WORK TO COMPLETE → Please reproduce the data exactly, though every picture must stay out.

--------------------------------

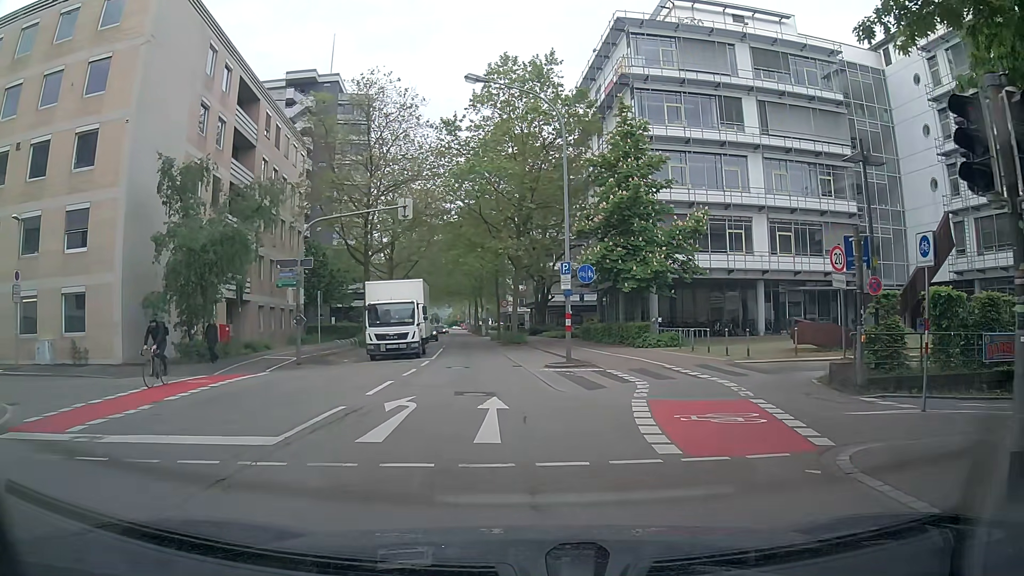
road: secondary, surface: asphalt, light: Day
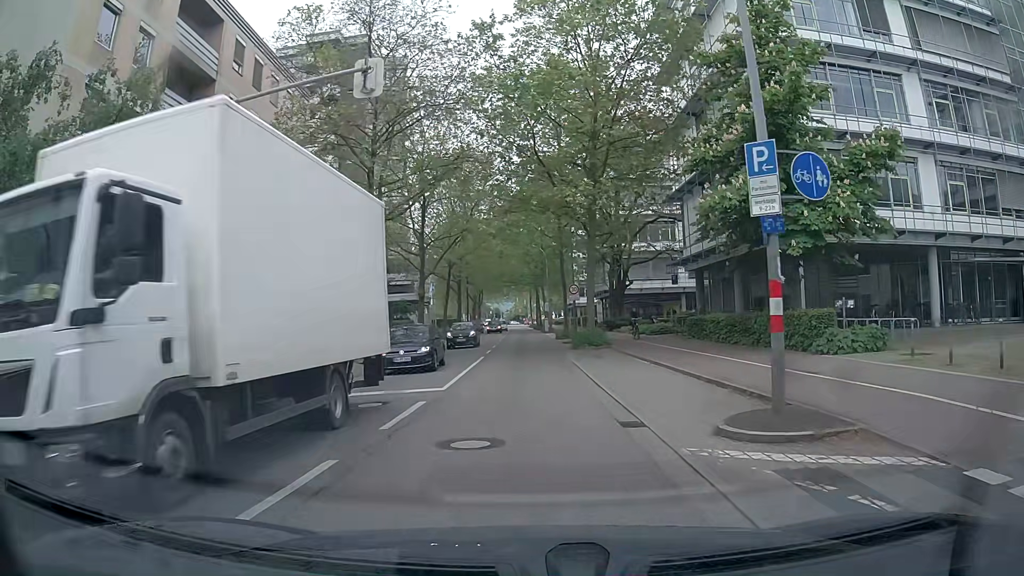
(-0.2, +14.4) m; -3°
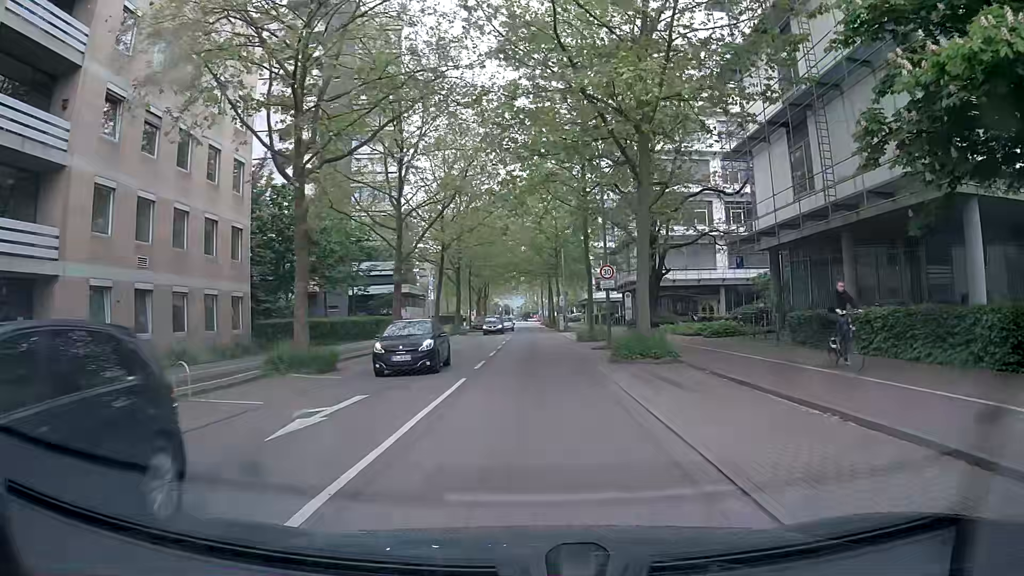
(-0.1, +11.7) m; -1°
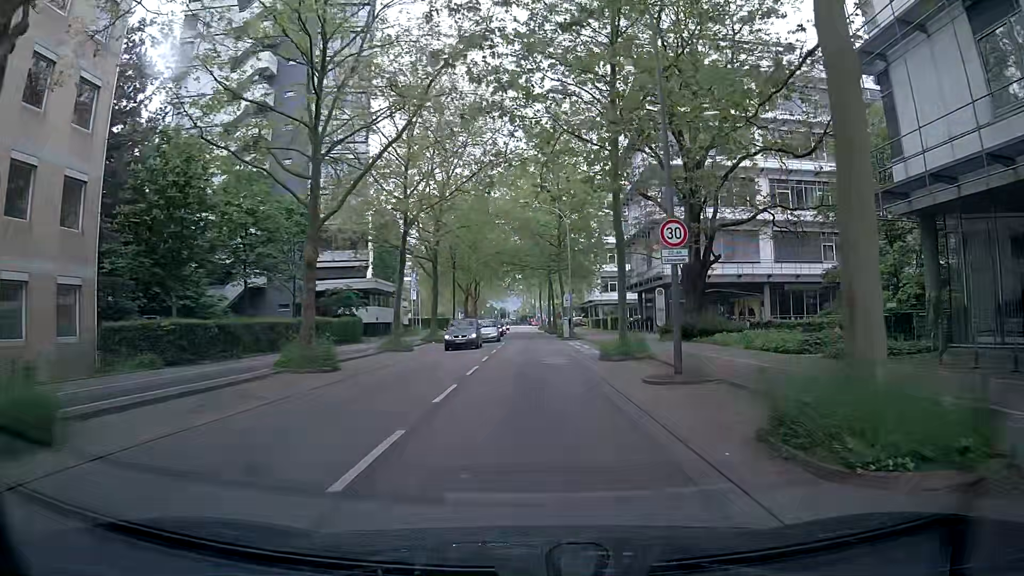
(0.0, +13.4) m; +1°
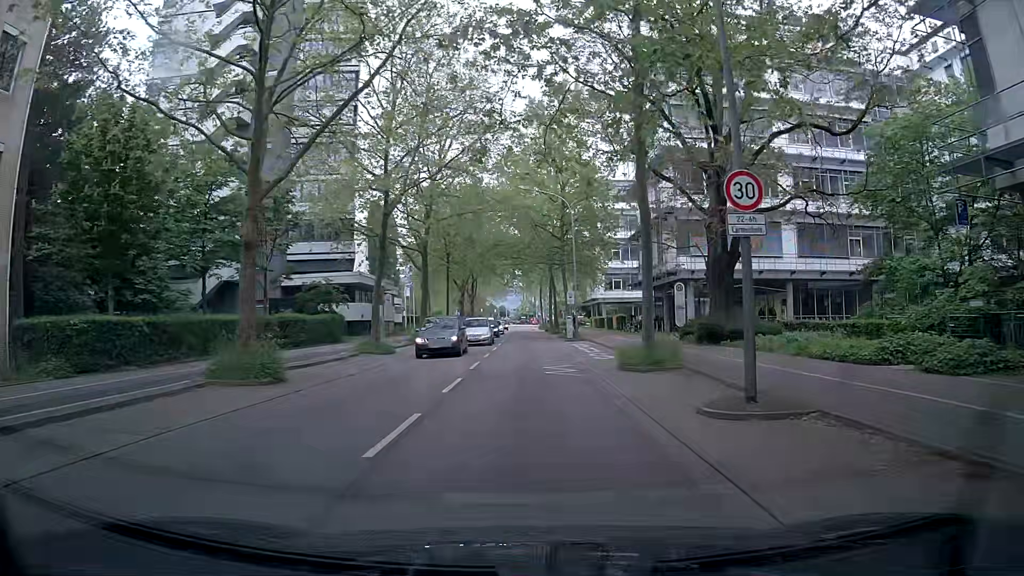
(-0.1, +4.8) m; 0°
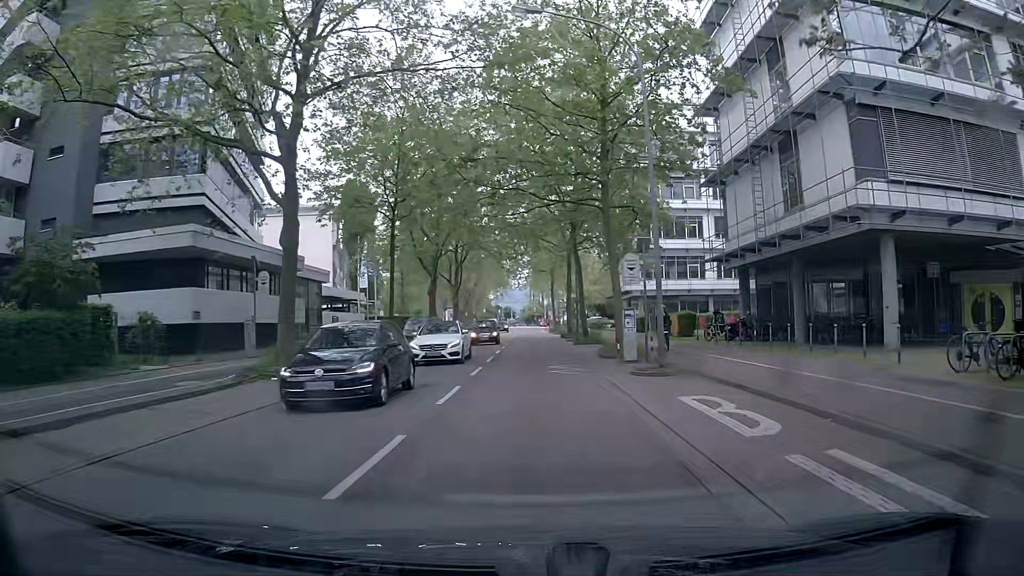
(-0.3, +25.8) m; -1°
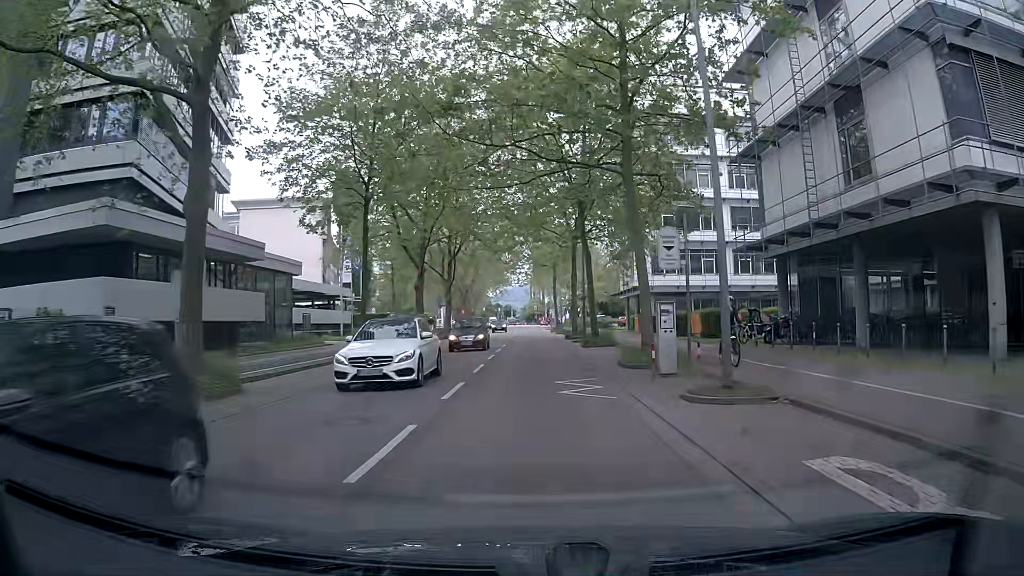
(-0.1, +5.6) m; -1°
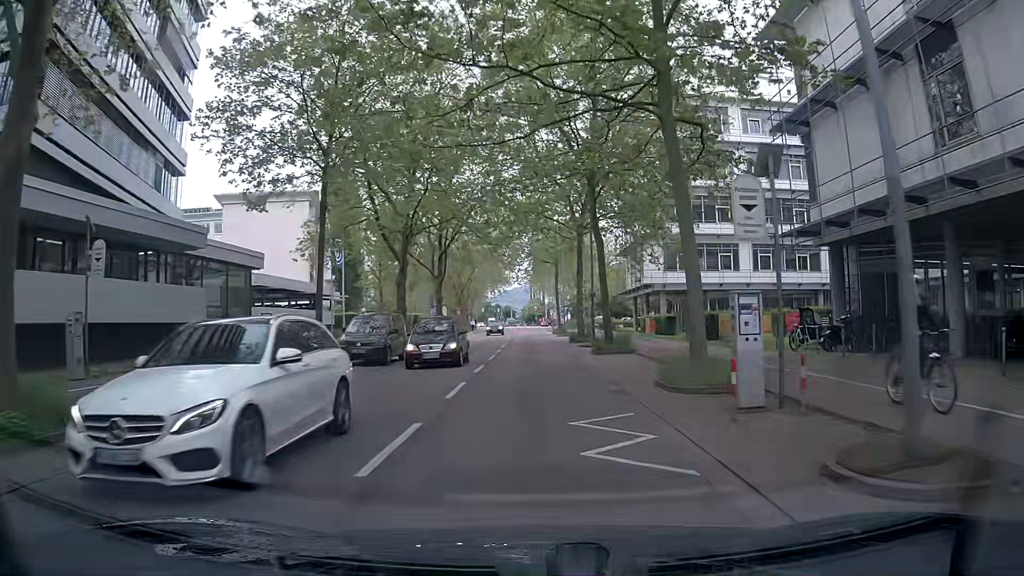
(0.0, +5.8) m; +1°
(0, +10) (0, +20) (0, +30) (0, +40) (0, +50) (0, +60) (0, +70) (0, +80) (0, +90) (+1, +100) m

--------------------------------

ANSWER →
road: secondary, surface: asphalt, light: Day
(-0.2, +14.4) m; -3°
(-0.1, +11.7) m; -1°
(0.0, +13.4) m; +1°
(-0.1, +4.8) m; 0°
(-0.3, +25.8) m; -1°
(-0.1, +5.6) m; -1°
(0.0, +5.8) m; +1°
(0, +10) (0, +20) (0, +30) (0, +40) (0, +50) (0, +60) (0, +70) (0, +80) (0, +90) (+1, +100) m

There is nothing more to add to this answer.